__Work required__: Would you reproduce each of the records below precisely, with the pictures left out?

(The data)

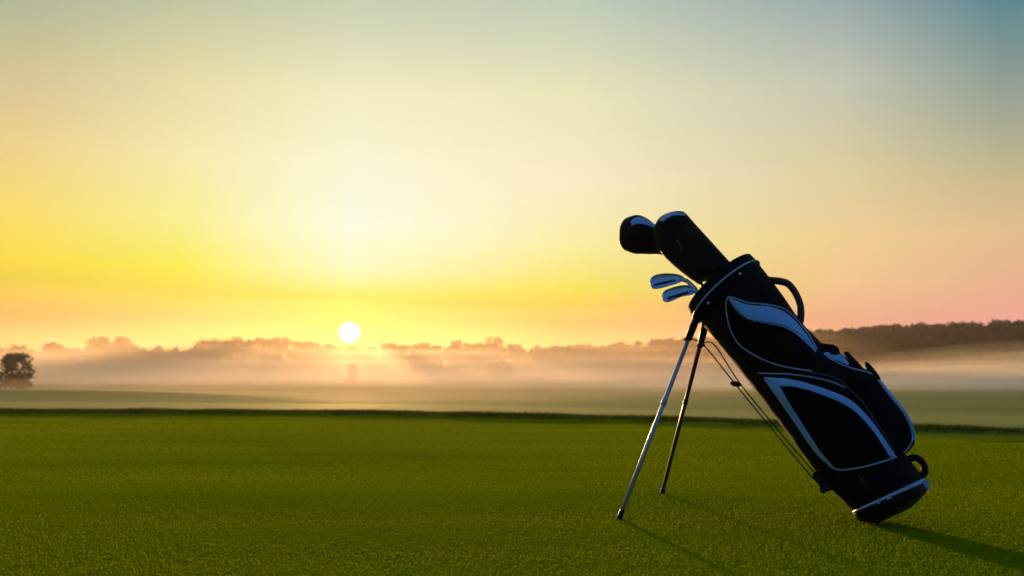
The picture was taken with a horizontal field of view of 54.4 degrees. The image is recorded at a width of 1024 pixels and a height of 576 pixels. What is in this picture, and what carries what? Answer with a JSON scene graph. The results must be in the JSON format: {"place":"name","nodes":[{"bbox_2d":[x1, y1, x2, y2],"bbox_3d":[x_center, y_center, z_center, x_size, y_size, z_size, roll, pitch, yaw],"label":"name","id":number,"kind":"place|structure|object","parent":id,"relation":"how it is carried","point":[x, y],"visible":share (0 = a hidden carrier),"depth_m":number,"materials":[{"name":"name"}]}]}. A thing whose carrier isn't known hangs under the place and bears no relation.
{"place":"outdoors","nodes":[
{"label":"outdoors","id":0,"kind":"place"},
{"bbox_2d":[0,372,1023,575],"bbox_3d":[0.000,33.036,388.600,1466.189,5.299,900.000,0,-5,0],"label":"ground","id":1,"kind":"structure","parent":0,"point":[996,405],"depth_m":4.72,"materials":[{"name":"green plant"}]},
{"bbox_2d":[0,344,32,372],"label":"tree","id":2,"kind":"object","parent":1,"relation":"on","point":[18,349],"visible":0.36,"depth_m":333.42,"materials":[{"name":"plant"}]},
{"bbox_2d":[0,352,35,389],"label":"tree","id":3,"kind":"object","parent":1,"relation":"on","point":[18,379],"visible":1,"depth_m":83.19,"materials":[{"name":"brown plant"}]},
{"bbox_2d":[36,341,73,379],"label":"tree","id":4,"kind":"object","parent":1,"relation":"on","point":[59,358],"visible":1,"depth_m":328.11,"materials":[{"name":"plant"}]},
{"bbox_2d":[83,336,114,379],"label":"tree","id":5,"kind":"object","parent":1,"relation":"on","point":[100,343],"visible":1,"depth_m":318.76,"materials":[{"name":"plant"}]},
{"bbox_2d":[111,336,134,379],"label":"tree","id":6,"kind":"object","parent":1,"relation":"on","point":[121,350],"visible":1,"depth_m":323.32,"materials":[{"name":"plant"}]},
{"bbox_2d":[145,345,170,379],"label":"tree","id":7,"kind":"object","parent":1,"relation":"on","point":[157,360],"visible":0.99,"depth_m":333.62,"materials":[{"name":"plant"}]},
{"bbox_2d":[191,339,218,379],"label":"tree","id":8,"kind":"object","parent":1,"relation":"on","point":[204,359],"visible":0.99,"depth_m":337.80,"materials":[{"name":"plant"}]},
{"bbox_2d":[0,336,633,379],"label":"distant wood","id":9,"kind":"object","parent":1,"relation":"on","point":[304,357],"visible":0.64,"depth_m":360.52,"materials":[{"name":"orange plant"}]},
{"bbox_2d":[346,363,359,381],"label":"tree","id":10,"kind":"object","parent":1,"relation":"on","point":[353,371],"visible":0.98,"depth_m":203.85,"materials":[{"name":"plant"}]},
{"bbox_2d":[375,342,399,378],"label":"tree","id":11,"kind":"object","parent":1,"relation":"on","point":[390,368],"visible":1,"depth_m":338.26,"materials":[{"name":"plant"}]},
{"bbox_2d":[408,342,441,378],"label":"tree","id":12,"kind":"object","parent":1,"relation":"on","point":[425,348],"visible":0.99,"depth_m":343.23,"materials":[{"name":"plant"}]},
{"bbox_2d":[447,340,467,379],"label":"tree","id":13,"kind":"object","parent":1,"relation":"on","point":[459,350],"visible":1,"depth_m":343.84,"materials":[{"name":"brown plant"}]},
{"bbox_2d":[471,336,509,378],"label":"tree","id":14,"kind":"object","parent":1,"relation":"on","point":[498,355],"visible":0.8,"depth_m":349.13,"materials":[{"name":"plant"}]},
{"bbox_2d":[485,361,516,380],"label":"tree","id":15,"kind":"object","parent":1,"relation":"on","point":[505,367],"visible":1,"depth_m":243.39,"materials":[{"name":"brown plant"}]},
{"bbox_2d":[617,254,929,522],"bbox_3d":[0.928,0.336,3.519,0.970,0.900,0.772,-2,-5,19],"label":"golf bag","id":16,"kind":"object","parent":1,"relation":"on","point":[846,424],"visible":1,"depth_m":3.25,"materials":[{"name":"black fabric"}]},
{"bbox_2d":[619,215,702,285],"bbox_3d":[0.596,-0.061,3.681,0.396,0.437,0.134,-2,-5,22],"label":"wood club","id":17,"kind":"object","parent":16,"relation":"in","point":[636,236],"visible":0.57,"depth_m":3.69,"materials":[{"name":"black fabric"}]},
{"bbox_2d":[650,273,697,289],"bbox_3d":[0.620,0.038,3.533,0.266,0.190,0.025,-2,-5,20],"label":"iron club","id":18,"kind":"object","parent":16,"relation":"in","point":[659,281],"visible":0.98,"depth_m":3.56,"materials":[{"name":"blue metal"}]},
{"bbox_2d":[662,285,697,301],"bbox_3d":[0.641,0.072,3.476,0.236,0.170,0.030,-2,-5,17],"label":"iron club","id":19,"kind":"object","parent":16,"relation":"in","point":[672,294],"visible":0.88,"depth_m":3.50,"materials":[{"name":"blue metal"}]},
{"bbox_2d":[653,211,728,281],"bbox_3d":[0.661,-0.052,3.560,0.314,0.459,0.138,-2,-5,22],"label":"driver club","id":20,"kind":"object","parent":16,"relation":"in","point":[687,247],"visible":0.96,"depth_m":3.53,"materials":[{"name":"black fabric"}]},
{"bbox_2d":[543,319,1023,382],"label":"ridge wood","id":21,"kind":"object","parent":1,"relation":"on","point":[992,351],"visible":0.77,"depth_m":186.95,"materials":[{"name":"black"}]},
{"bbox_2d":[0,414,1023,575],"bbox_3d":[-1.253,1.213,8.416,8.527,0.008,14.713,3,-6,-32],"label":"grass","id":22,"kind":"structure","parent":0,"point":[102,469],"depth_m":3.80,"materials":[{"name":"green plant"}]},
{"bbox_2d":[0,407,1023,433],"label":"rough grass","id":23,"kind":"structure","parent":0,"point":[524,414],"depth_m":11.38,"materials":[{"name":"green plant"}]},
{"bbox_2d":[0,0,1023,376],"label":"sky","id":24,"kind":"structure","parent":0,"point":[361,174],"materials":[{"name":"yellow"}]}
]}

(End The data)

__Reply__:
The picture was taken with a horizontal field of view of 54.4 degrees. The image is recorded at a width of 1024 pixels and a height of 576 pixels. What is in this picture, and what carries what? Answer with a JSON scene graph. The results must be in the JSON format: {"place":"name","nodes":[{"bbox_2d":[x1, y1, x2, y2],"bbox_3d":[x_center, y_center, z_center, x_size, y_size, z_size, roll, pitch, yaw],"label":"name","id":number,"kind":"place|structure|object","parent":id,"relation":"how it is carried","point":[x, y],"visible":share (0 = a hidden carrier),"depth_m":number,"materials":[{"name":"name"}]}]}. A thing whose carrier isn't known hangs under the place and bears no relation.
{"place":"outdoors","nodes":[
{"label":"outdoors","id":0,"kind":"place"},
{"bbox_2d":[0,372,1023,575],"bbox_3d":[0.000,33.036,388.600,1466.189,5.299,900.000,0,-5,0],"label":"ground","id":1,"kind":"structure","parent":0,"point":[996,405],"depth_m":4.72,"materials":[{"name":"green plant"}]},
{"bbox_2d":[0,344,32,372],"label":"tree","id":2,"kind":"object","parent":1,"relation":"on","point":[18,349],"visible":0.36,"depth_m":333.42,"materials":[{"name":"plant"}]},
{"bbox_2d":[0,352,35,389],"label":"tree","id":3,"kind":"object","parent":1,"relation":"on","point":[18,379],"visible":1,"depth_m":83.19,"materials":[{"name":"brown plant"}]},
{"bbox_2d":[36,341,73,379],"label":"tree","id":4,"kind":"object","parent":1,"relation":"on","point":[59,358],"visible":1,"depth_m":328.11,"materials":[{"name":"plant"}]},
{"bbox_2d":[83,336,114,379],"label":"tree","id":5,"kind":"object","parent":1,"relation":"on","point":[100,343],"visible":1,"depth_m":318.76,"materials":[{"name":"plant"}]},
{"bbox_2d":[111,336,134,379],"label":"tree","id":6,"kind":"object","parent":1,"relation":"on","point":[121,350],"visible":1,"depth_m":323.32,"materials":[{"name":"plant"}]},
{"bbox_2d":[145,345,170,379],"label":"tree","id":7,"kind":"object","parent":1,"relation":"on","point":[157,360],"visible":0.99,"depth_m":333.62,"materials":[{"name":"plant"}]},
{"bbox_2d":[191,339,218,379],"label":"tree","id":8,"kind":"object","parent":1,"relation":"on","point":[204,359],"visible":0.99,"depth_m":337.80,"materials":[{"name":"plant"}]},
{"bbox_2d":[0,336,633,379],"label":"distant wood","id":9,"kind":"object","parent":1,"relation":"on","point":[304,357],"visible":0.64,"depth_m":360.52,"materials":[{"name":"orange plant"}]},
{"bbox_2d":[346,363,359,381],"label":"tree","id":10,"kind":"object","parent":1,"relation":"on","point":[353,371],"visible":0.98,"depth_m":203.85,"materials":[{"name":"plant"}]},
{"bbox_2d":[375,342,399,378],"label":"tree","id":11,"kind":"object","parent":1,"relation":"on","point":[390,368],"visible":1,"depth_m":338.26,"materials":[{"name":"plant"}]},
{"bbox_2d":[408,342,441,378],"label":"tree","id":12,"kind":"object","parent":1,"relation":"on","point":[425,348],"visible":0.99,"depth_m":343.23,"materials":[{"name":"plant"}]},
{"bbox_2d":[447,340,467,379],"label":"tree","id":13,"kind":"object","parent":1,"relation":"on","point":[459,350],"visible":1,"depth_m":343.84,"materials":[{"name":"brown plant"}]},
{"bbox_2d":[471,336,509,378],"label":"tree","id":14,"kind":"object","parent":1,"relation":"on","point":[498,355],"visible":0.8,"depth_m":349.13,"materials":[{"name":"plant"}]},
{"bbox_2d":[485,361,516,380],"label":"tree","id":15,"kind":"object","parent":1,"relation":"on","point":[505,367],"visible":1,"depth_m":243.39,"materials":[{"name":"brown plant"}]},
{"bbox_2d":[617,254,929,522],"bbox_3d":[0.928,0.336,3.519,0.970,0.900,0.772,-2,-5,19],"label":"golf bag","id":16,"kind":"object","parent":1,"relation":"on","point":[846,424],"visible":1,"depth_m":3.25,"materials":[{"name":"black fabric"}]},
{"bbox_2d":[619,215,702,285],"bbox_3d":[0.596,-0.061,3.681,0.396,0.437,0.134,-2,-5,22],"label":"wood club","id":17,"kind":"object","parent":16,"relation":"in","point":[636,236],"visible":0.57,"depth_m":3.69,"materials":[{"name":"black fabric"}]},
{"bbox_2d":[650,273,697,289],"bbox_3d":[0.620,0.038,3.533,0.266,0.190,0.025,-2,-5,20],"label":"iron club","id":18,"kind":"object","parent":16,"relation":"in","point":[659,281],"visible":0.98,"depth_m":3.56,"materials":[{"name":"blue metal"}]},
{"bbox_2d":[662,285,697,301],"bbox_3d":[0.641,0.072,3.476,0.236,0.170,0.030,-2,-5,17],"label":"iron club","id":19,"kind":"object","parent":16,"relation":"in","point":[672,294],"visible":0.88,"depth_m":3.50,"materials":[{"name":"blue metal"}]},
{"bbox_2d":[653,211,728,281],"bbox_3d":[0.661,-0.052,3.560,0.314,0.459,0.138,-2,-5,22],"label":"driver club","id":20,"kind":"object","parent":16,"relation":"in","point":[687,247],"visible":0.96,"depth_m":3.53,"materials":[{"name":"black fabric"}]},
{"bbox_2d":[543,319,1023,382],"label":"ridge wood","id":21,"kind":"object","parent":1,"relation":"on","point":[992,351],"visible":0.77,"depth_m":186.95,"materials":[{"name":"black"}]},
{"bbox_2d":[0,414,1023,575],"bbox_3d":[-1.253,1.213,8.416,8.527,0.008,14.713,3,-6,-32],"label":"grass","id":22,"kind":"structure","parent":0,"point":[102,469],"depth_m":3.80,"materials":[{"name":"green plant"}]},
{"bbox_2d":[0,407,1023,433],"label":"rough grass","id":23,"kind":"structure","parent":0,"point":[524,414],"depth_m":11.38,"materials":[{"name":"green plant"}]},
{"bbox_2d":[0,0,1023,376],"label":"sky","id":24,"kind":"structure","parent":0,"point":[361,174],"materials":[{"name":"yellow"}]}
]}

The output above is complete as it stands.